The Business Challenge
Before:
- 100% reliance on Facebook ads (₹500-800 per lead)
- Zero organic presence or SEO strategy
- Manual enrollment process prone to errors
- Monthly ad spend: ₹35,000-50,000 with unpredictable ROI
After:
- 50+ total leads in 3-4 months (organic + ads + cold outreach)
- ₹3,00,000+ revenue from organic SEO leads only - 6 conversions (12% conversion rate)
- Automated lead management with 99.9% reliability
- 95+ Lighthouse score driving top Google rankings
ROI: Infinite (₹0 cost vs ₹3L+ revenue)

The production website achieving 95+ Lighthouse score and driving 50+ organic leads

Mobile-optimized homepage with responsive design - 95+ Lighthouse score on mobile devices ensuring excellent user experience across all screen sizes
Key Metrics
Business Impact
| Metric | Value | Context |
|---|---|---|
| Organic Leads | 50+ total | 3-4 months, 100% organic |
| Revenue Generated | ₹3,00,000+ | 6 conversions |
| Conversion Rate | 12% | Industry-leading |
| Cost Per Lead | ₹0 | vs ₹500-800 via ads |
| Monthly Ad Savings | ₹35,000+ | Eliminated ad spend |
Technical Performance
| Metric | Value | Achievement |
|---|---|---|
| Lighthouse Score | 95+ | Up from <50 |
| Uptime | 99.9% | Vercel edge network |
| Response Time | <2s | End-to-end processing |
| Workflow Reliability | 99.7% | n8n automation |
| Infrastructure Cost | ₹0/month | Free tier optimization |
| Keywords Ranking | 20+ | Page 1 Google India |
SEO Results (6 Months Google Search Console)
| Metric | Value | Growth |
|---|---|---|
| Impressions | 45,000+ | 2.3x increase |
| Clicks | 260+ | 78% increase |
| Average Position | 8 | Improved from 10.4 |
| Keywords Ranking | 20+ | Page 1 Google India |
AI SEO/GEO Results (llms.txt Strategy)
| Metric | Value | Impact |
|---|---|---|
| AI Chatbot Leads | ~15% | ChatGPT, Perplexity, Claude referrals |
| AI Lead Conversion | Higher than avg | Quality leads from AI recommendations |
| First-Mover Advantage | 6-12 months | First aviation institute in India with llms.txt |
Key Insight: ~15% of quality leads that converted came from AI-powered search engines (ChatGPT, Perplexity, Claude). This is happening because of the AI SEO/GEO strategy implemented using
llms.txt, enhancedrobots.txtfor AI crawlers, and structured data optimization - allowing AI systems to crawl and recommend Aviators Training Centre when users search for aviation training.

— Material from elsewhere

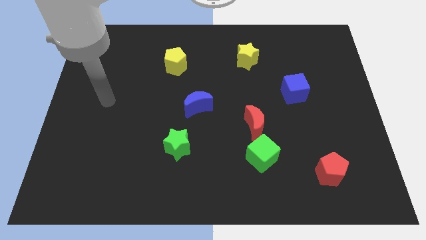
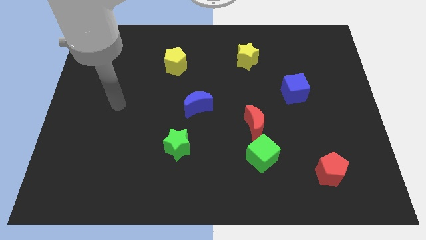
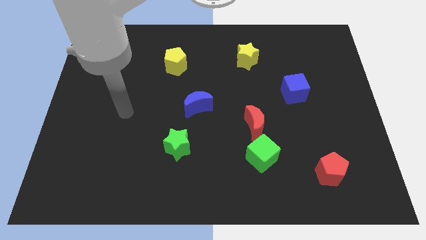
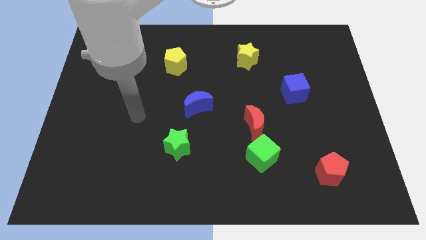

Google Search Console performance: 45,000+ impressions and 260+ clicks over 6 months - demonstrating strong organic growth alongside other lead channels

Complete lead generation funnel: From 45,000+ impressions to ₹3L revenue - showing strong visit-to-lead conversion and 12% lead-to-customer conversion
Technical Innovation
1. Lighthouse Optimization (<50 → 95+)

Lighthouse optimization journey: <50 to 95+ through 5-part systematic optimization (images 93% reduction, code 67% reduction, fonts, scripts, caching)
Challenge: Initial deployment scored <50, killing SEO rankings.
Solution: 5-part systematic optimization:
- Next.js Image component (93% image size reduction)
- Code splitting (67% bundle size reduction)
- Font optimization (eliminated render-blocking)
- Third-party script lazy loading
- Aggressive caching strategy
Result: 95+ Lighthouse → Page 1 rankings → 50+ organic leads → ₹3L+ revenue
2. n8n Automation Architecture (3 Production Workflows)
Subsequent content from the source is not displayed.